> _Input_:
◇ ◇ ◇ ◇ ◇
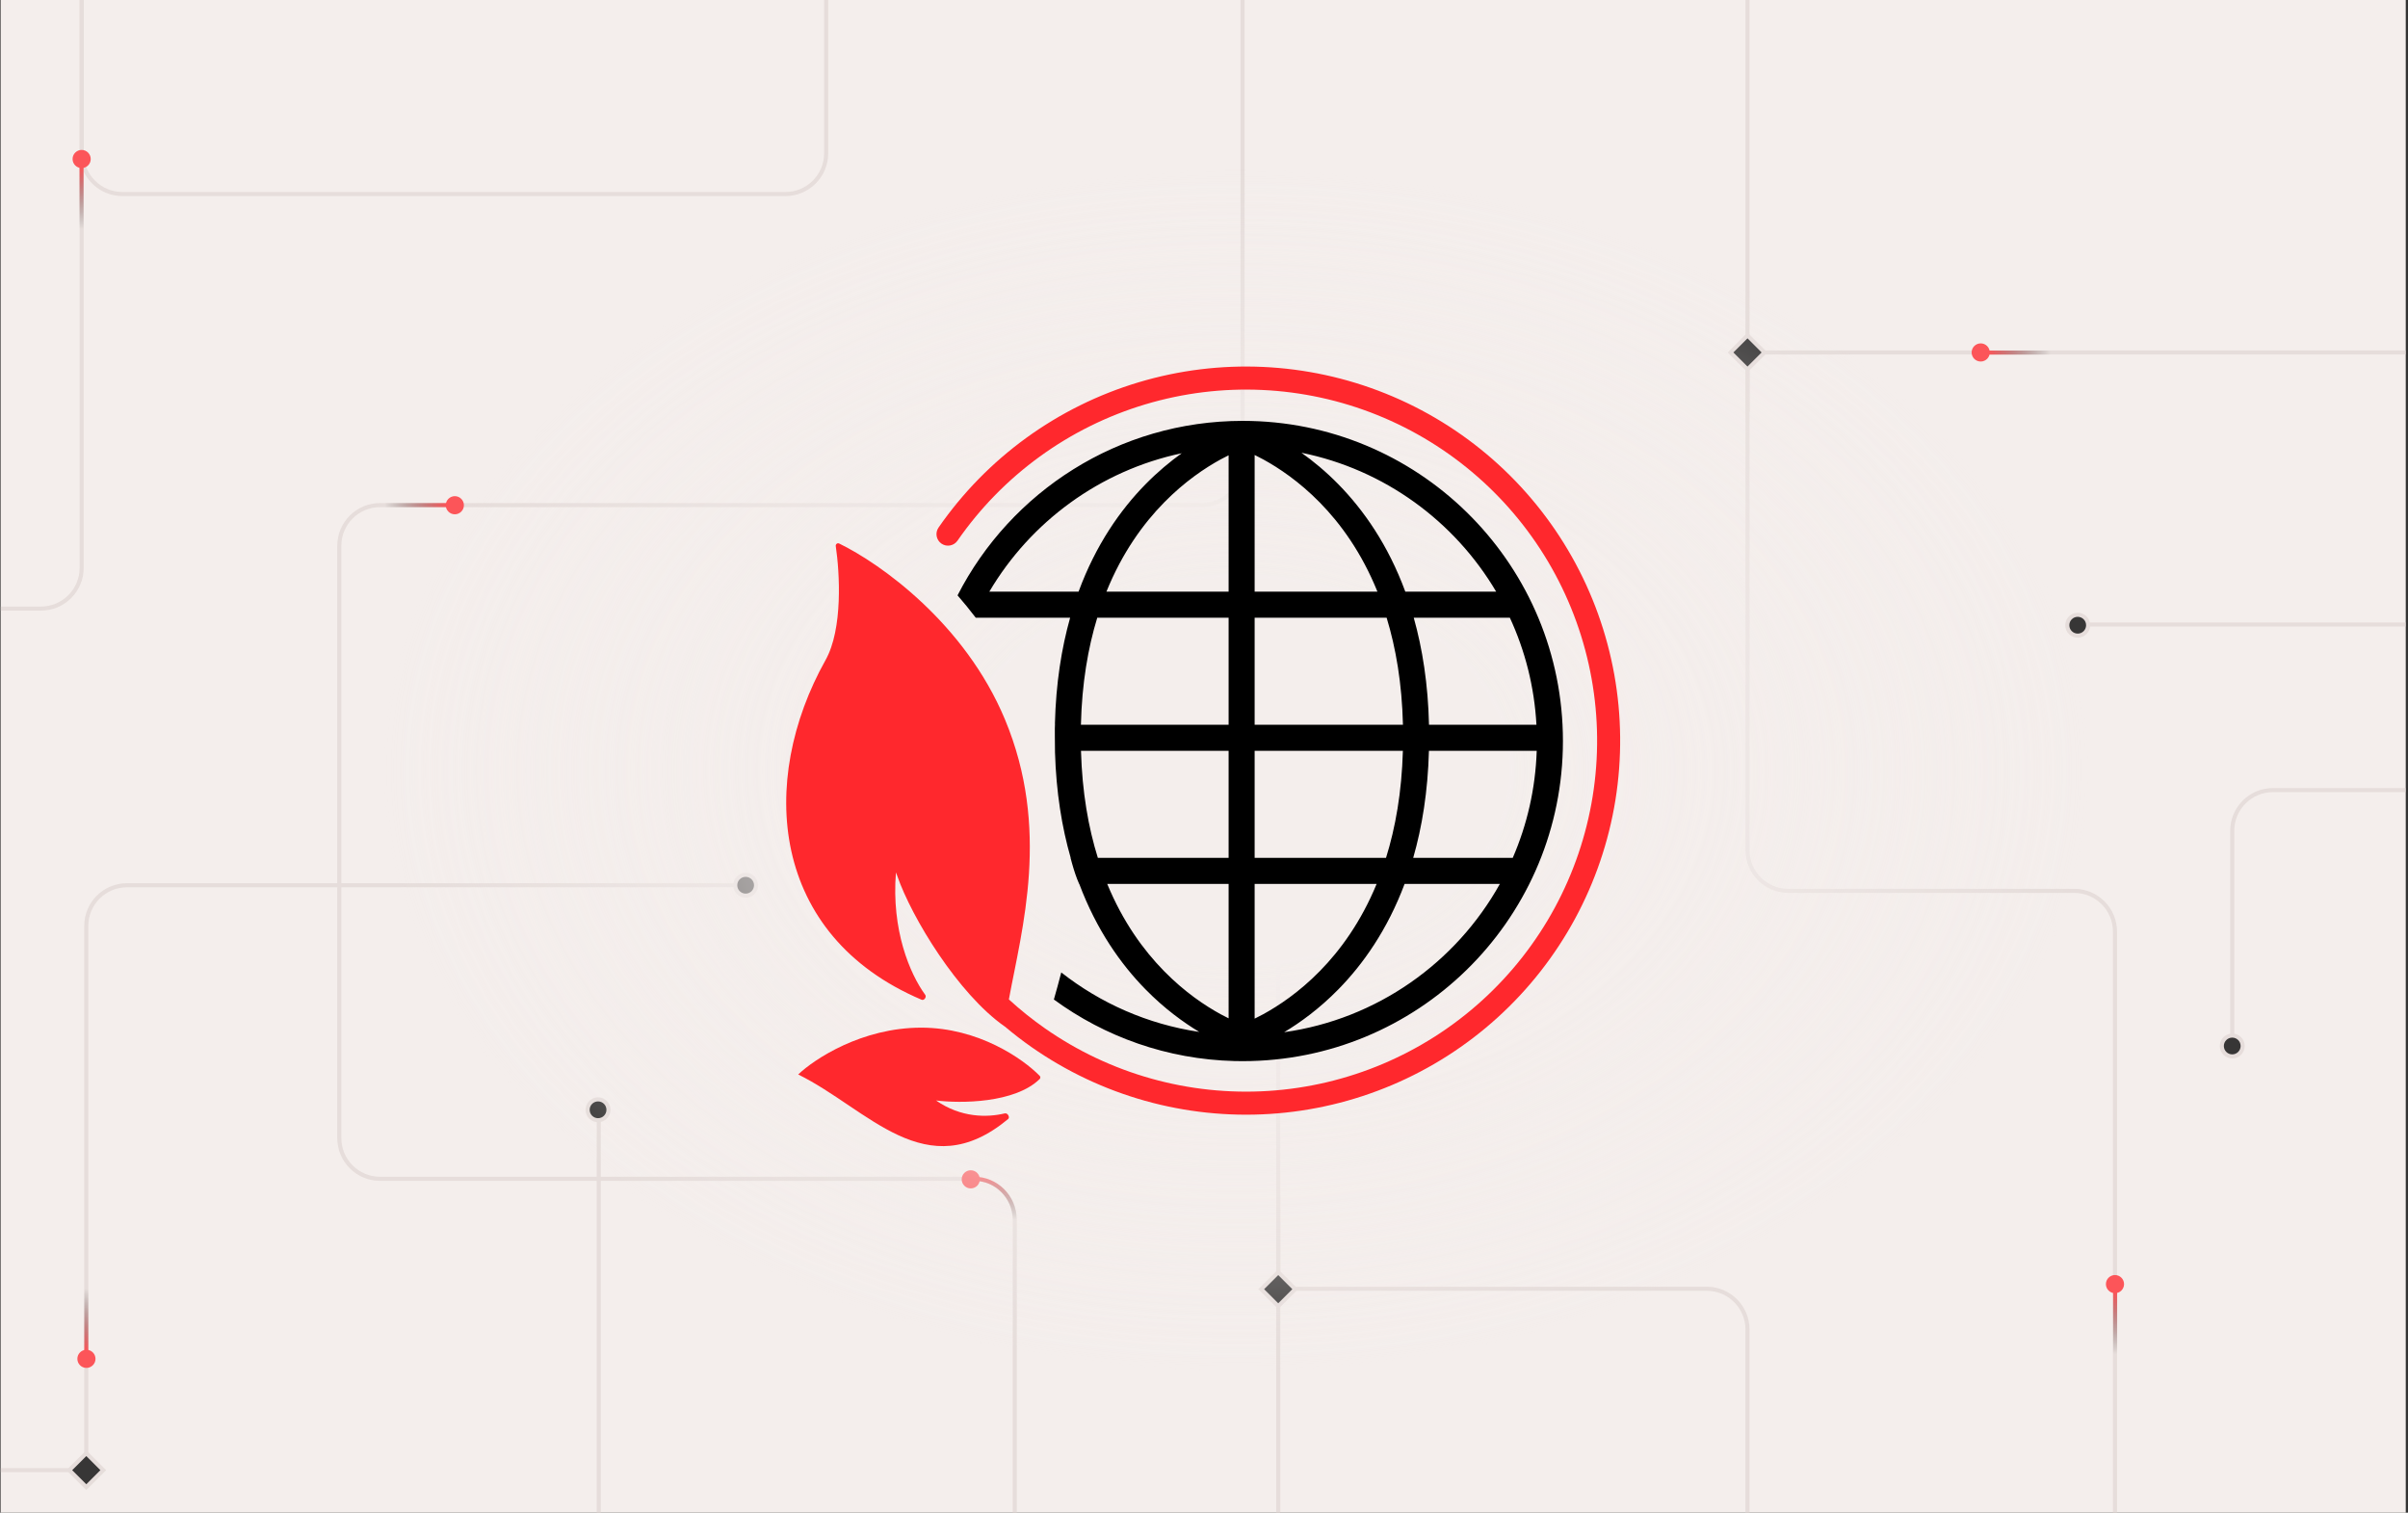 <svg width="842" height="529" viewBox="0 0 842 529" fill="none" xmlns="http://www.w3.org/2000/svg">
<rect x="0" y="0" width="842" height="529" fill="#333333" stroke="none"/>
<g clip-path="url(#clip0_6081_809)">
<rect width="841" height="529" transform="translate(0.216)" fill="#F4EEEC"/>
<g opacity="0.77" clip-path="url(#clip1_6081_809)">
<path d="M565.463 -98.45V-39.181C565.463 -31.314 559.086 -24.937 551.22 -24.937H448.719C440.853 -24.937 434.475 -18.56 434.475 -10.693V162.395C434.475 170.262 428.098 176.639 420.232 176.639H132.885C125.019 176.639 118.642 183.016 118.642 190.882V397.997C118.642 405.864 125.019 412.241 132.885 412.241H340.595C348.462 412.241 354.839 418.618 354.839 426.485V554.239" stroke="#E2D8D5" stroke-width="1.424" stroke-miterlimit="10"/>
<path d="M355.48 426.418C355.48 418.19 348.81 411.52 340.583 411.52L340.428 411.52L340.428 412.939L340.583 412.939C348.027 412.939 354.062 418.974 354.062 426.418L354.062 426.599L355.48 426.599L355.48 426.418Z" fill="url(#paint0_linear_6081_809)"/>
<circle cx="3.172" cy="3.172" r="3.172" transform="matrix(1 -1.74846e-07 -1.74846e-07 -1 336.272 415.599)" fill="#FF282D"/>
<path d="M857.471 218.399H727.17" stroke="#E2D8D5" stroke-width="1.424" stroke-miterlimit="10"/>
<path d="M209.366 556.178L209.366 388.773" stroke="#E2D8D5" stroke-width="1.424" stroke-miterlimit="10"/>
<path d="M615.974 123.255L857.472 123.255" stroke="#E2D8D5" stroke-width="1.424" stroke-miterlimit="10"/>
<path d="M611.043 143.965L611.043 -97.533" stroke="#E2D8D5" stroke-width="1.424" stroke-miterlimit="10"/>
<path d="M864.807 276.303H794.786C786.919 276.303 780.542 282.681 780.542 290.547V365.796" stroke="#E2D8D5" stroke-width="1.424" stroke-miterlimit="10"/>
<path d="M611.043 586.857V464.94C611.043 457.074 604.666 450.697 596.8 450.697H446.956V249.239" stroke="#E2D8D5" stroke-width="1.424" stroke-miterlimit="10"/>
<path d="M446.956 619.506V418.048" stroke="#E2D8D5" stroke-width="1.424" stroke-miterlimit="10"/>
<path d="M739.542 537.021V325.789C739.542 317.923 733.165 311.546 725.299 311.546H625.287C617.42 311.546 611.043 305.169 611.043 297.302V124.533" stroke="#E2D8D5" stroke-width="1.424" stroke-miterlimit="10"/>
<path d="M-68.647 514.132H30.163V323.82C30.163 315.954 36.54 309.577 44.407 309.577H260.731" stroke="#E2D8D5" stroke-width="1.424" stroke-miterlimit="10"/>
<path d="M28.552 -116.546V198.588C28.552 206.455 22.175 212.832 14.308 212.832H-54.433" stroke="#E2D8D5" stroke-width="1.424" stroke-miterlimit="10"/>
<path d="M288.884 -51.758V53.609C288.884 61.475 282.507 67.853 274.641 67.853H42.795C34.929 67.853 28.552 61.475 28.552 53.609V-30.279H-55.849" stroke="#E2D8D5" stroke-width="1.424" stroke-miterlimit="10"/>
<circle cx="726.508" cy="218.644" r="3.644" fill="black" stroke="#E2D8D5" stroke-width="1.424"/>
<circle cx="209.12" cy="388.111" r="3.644" transform="rotate(90 209.12 388.111)" fill="black" stroke="#E2D8D5" stroke-width="1.424"/>
<circle cx="780.542" cy="365.796" r="3.644" fill="black" stroke="#E2D8D5" stroke-width="1.424"/>
<circle cx="260.731" cy="309.577" r="3.644" fill="black" stroke="#E2D8D5" stroke-width="1.424"/>
<circle cx="446.956" cy="247.858" r="3.644" fill="black" stroke="#E2D8D5" stroke-width="1.424"/>
<path d="M134.575 177.347L134.575 175.931L156.312 175.931L156.312 177.347L134.575 177.347Z" fill="url(#paint1_linear_6081_809)"/>
<circle cx="159.039" cy="176.685" r="3.172" transform="rotate(-180 159.039 176.685)" fill="#FF282D"/>
<path d="M717.053 122.593L717.053 124.009L695.316 124.009L695.316 122.593L717.053 122.593Z" fill="url(#paint2_linear_6081_809)"/>
<circle cx="692.589" cy="123.255" r="3.172" fill="#FF282D"/>
<path d="M29.213 80.071L27.797 80.071L27.797 58.335L29.213 58.335L29.213 80.071Z" fill="url(#paint3_linear_6081_809)"/>
<circle cx="28.551" cy="55.608" r="3.172" transform="rotate(90 28.551 55.608)" fill="#FF282D"/>
<path d="M30.882 450.735L29.466 450.735L29.466 472.472L30.882 472.472L30.882 450.735Z" fill="url(#paint4_linear_6081_809)"/>
<circle cx="3.172" cy="3.172" r="3.172" transform="matrix(-4.37114e-08 -1 -1 4.37114e-08 33.393 478.371)" fill="#FF282D"/>
<path d="M738.882 473.534L740.298 473.534L740.298 451.797L738.882 451.797L738.882 473.534Z" fill="url(#paint5_linear_6081_809)"/>
<circle cx="3.172" cy="3.172" r="3.172" transform="matrix(4.37114e-08 1 1 -4.37114e-08 736.371 445.898)" fill="#FF282D"/>
<rect x="446.956" y="444.902" width="8.397" height="8.397" transform="rotate(45 446.956 444.902)" fill="black" stroke="#E2D8D5" stroke-width="1.424"/>
<rect x="616.981" y="123.255" width="8.397" height="8.397" transform="rotate(135 616.981 123.255)" fill="black" stroke="#E2D8D5" stroke-width="1.424"/>
<rect x="30.174" y="508.194" width="8.397" height="8.397" transform="rotate(45 30.174 508.194)" fill="black" stroke="#E2D8D5" stroke-width="1.424"/>
<rect x="133.568" y="58.658" width="597.296" height="421.42" fill="url(#paint6_radial_6081_809)"/>
</g>
<path d="M322.115 359.382C342.144 359.382 357.697 370.265 363.54 376.225C363.851 376.542 363.851 377.045 363.533 377.355C354.837 385.84 335.875 385.91 327.311 384.85C336.009 390.901 345.144 390.853 351.36 389.36C352.315 389.13 353.259 390.719 352.504 391.346C323.735 415.235 303.642 387.832 279.105 375.754C284.823 370.296 301.43 359.382 322.115 359.382Z" fill="#FF282D"/>
<path d="M398.16 133.686C426.574 125.174 457.041 126.571 484.557 137.648C512.073 148.726 535.008 168.827 549.599 194.652C564.19 220.478 569.571 250.497 564.86 279.783C560.148 309.069 545.623 335.885 523.667 355.831C501.712 375.776 473.627 387.668 444.025 389.555C414.423 391.442 385.058 383.212 360.748 366.217C357.476 363.929 354.326 361.496 351.297 358.938C351.296 358.945 351.298 358.953 351.297 358.961C335.011 347.575 318.797 320.891 313.768 306.381C313.603 305.956 313.442 305.529 313.281 305.101C311.661 325.263 318.163 340.565 323.521 347.899C324.077 348.659 323.134 349.991 322.268 349.623C269.297 327.137 264.96 273.171 288.666 230.841C294.79 219.904 293.623 200.258 292.24 190.975C292.14 190.3 292.821 189.778 293.434 190.076C307.813 197.069 337.348 217.95 351.376 251.533C367.365 289.809 357.345 324.744 352.772 349.507C356.727 353.131 360.931 356.51 365.367 359.611C388.179 375.559 415.736 383.281 443.514 381.51C471.292 379.739 497.643 368.578 518.245 349.862C538.847 331.145 552.479 305.984 556.901 278.503C561.322 251.022 556.27 222.852 542.579 198.618C528.887 174.385 507.366 155.521 481.546 145.126C455.726 134.732 427.138 133.421 400.474 141.409C373.811 149.397 350.652 166.209 334.799 189.088C333.531 190.917 331.021 191.374 329.192 190.106C327.363 188.838 326.907 186.328 328.174 184.498C345.067 160.117 369.746 142.198 398.16 133.686Z" fill="#FF282D"/>
<path fill-rule="evenodd" clip-rule="evenodd" d="M437.444 147.22C497.939 148.754 546.507 198.277 546.507 259.141L546.47 262.03C544.937 322.524 495.419 371.09 434.556 371.092L431.667 371.059C408.074 370.462 386.298 362.559 368.506 349.538C369.395 346.433 370.264 343.259 371.092 340.074C384.797 350.835 401.301 358.194 419.335 360.869C413.817 357.548 407.157 352.734 400.509 345.95C391.908 337.172 383.412 325.192 377.383 309.108H377.337C376.332 306.856 375.505 304.233 374.889 302.048L374.335 300.009H374.385C371.31 289.321 369.305 277.06 368.897 263.018C368.897 262.905 368.897 262.793 368.897 262.679C368.897 261.773 368.773 253.772 368.897 253.132C368.89 253.115 368.879 253.1 368.871 253.083C369.22 239.021 371.173 226.732 374.193 216.012H341.181C339.116 213.299 336.989 210.697 334.824 208.206C353.365 171.981 391.067 147.183 434.556 147.183L437.444 147.22ZM491.145 309.108C485.116 325.192 476.623 337.172 468.022 345.95C461.304 352.805 454.572 357.648 449.02 360.972C481.514 356.397 509.125 336.643 524.462 309.108H491.145ZM438.707 356.23C439.617 355.787 440.619 355.28 441.692 354.694C447.072 351.756 454.292 346.961 461.522 339.583C468.669 332.289 475.901 322.389 481.369 309.108H438.707V356.23ZM387.159 309.108C392.627 322.389 399.865 332.289 407.012 339.583C414.242 346.96 421.459 351.756 426.839 354.694C427.825 355.233 428.755 355.7 429.605 356.117V309.108H387.159ZM377.986 262.563C378.391 277.054 380.584 289.439 383.886 300.009H429.605V262.563H377.986ZM438.707 300.009H484.642C487.944 289.439 490.14 277.054 490.545 262.563H438.707V300.009ZM499.651 262.563C499.273 276.796 497.257 289.207 494.149 300.009H528.958C533.96 288.47 536.907 275.835 537.341 262.563H499.651ZM383.677 216.012C380.441 226.599 378.306 238.987 377.96 253.461H429.605V216.012H383.677ZM438.707 253.461H490.568C490.221 238.988 488.093 226.599 484.857 216.012H438.707V253.461ZM494.338 216.012C497.385 226.828 499.35 239.241 499.674 253.461H537.245C536.52 240.146 533.26 227.506 527.943 216.012H494.338ZM413.217 158.504C384.592 164.544 360.36 182.488 345.933 206.913H377.138C383.18 190.487 391.788 178.292 400.509 169.391C404.845 164.967 409.192 161.387 413.217 158.504ZM429.605 159.221C428.755 159.638 427.826 160.108 426.839 160.647C421.46 163.585 414.241 168.381 407.012 175.758C399.744 183.176 392.383 193.289 386.884 206.913H429.605V159.221ZM438.707 206.913H481.644C476.144 193.29 468.79 183.176 461.522 175.758C454.292 168.379 447.072 163.585 441.692 160.647C440.618 160.06 439.618 159.551 438.707 159.108V206.913ZM455.069 158.329C459.162 161.241 463.598 164.877 468.022 169.391C476.743 178.292 485.351 190.487 491.393 206.913H523.168C508.605 182.255 484.05 164.195 455.069 158.329Z" fill="black"/>
</g>
<defs>
<linearGradient id="paint0_linear_6081_809" x1="347.954" y1="411.52" x2="347.954" y2="426.599" gradientUnits="userSpaceOnUse">
<stop stop-color="#FF282D"/>
<stop offset="1" stop-opacity="0"/>
</linearGradient>
<linearGradient id="paint1_linear_6081_809" x1="156.312" y1="176.639" x2="134.575" y2="176.639" gradientUnits="userSpaceOnUse">
<stop stop-color="#FF282D"/>
<stop offset="1" stop-opacity="0"/>
</linearGradient>
<linearGradient id="paint2_linear_6081_809" x1="695.316" y1="123.301" x2="717.053" y2="123.301" gradientUnits="userSpaceOnUse">
<stop stop-color="#FF282D"/>
<stop offset="1" stop-opacity="0"/>
</linearGradient>
<linearGradient id="paint3_linear_6081_809" x1="28.505" y1="58.335" x2="28.505" y2="80.071" gradientUnits="userSpaceOnUse">
<stop stop-color="#FF282D"/>
<stop offset="1" stop-opacity="0"/>
</linearGradient>
<linearGradient id="paint4_linear_6081_809" x1="30.174" y1="472.472" x2="30.174" y2="450.735" gradientUnits="userSpaceOnUse">
<stop stop-color="#FF282D"/>
<stop offset="1" stop-opacity="0"/>
</linearGradient>
<linearGradient id="paint5_linear_6081_809" x1="739.59" y1="451.797" x2="739.59" y2="473.534" gradientUnits="userSpaceOnUse">
<stop stop-color="#FF282D"/>
<stop offset="1" stop-opacity="0"/>
</linearGradient>
<radialGradient id="paint6_radial_6081_809" cx="0" cy="0" r="1" gradientUnits="userSpaceOnUse" gradientTransform="translate(432.216 269.368) rotate(90) scale(210.71 298.648)">
<stop offset="0.319" stop-color="#F4EEEC"/>
<stop offset="1" stop-color="#F4EEEC" stop-opacity="0"/>
</radialGradient>
<clipPath id="clip0_6081_809">
<rect width="841" height="529" fill="white" transform="translate(0.216)"/>
</clipPath>
<clipPath id="clip1_6081_809">
<rect width="956.771" height="703.404" fill="white" transform="translate(-68.647 -116.546)"/>
</clipPath>
</defs>
</svg>
◇ ◇ ◇ ◇ ◇
> _Directions for this task_: Where does the word "radialGradient" show up in the material? Copy out each line that has it.

> _Solution_:
<radialGradient id="paint6_radial_6081_809" cx="0" cy="0" r="1" gradientUnits="userSpaceOnUse" gradientTransform="translate(432.216 269.368) rotate(90) scale(210.71 298.648)">
</radialGradient>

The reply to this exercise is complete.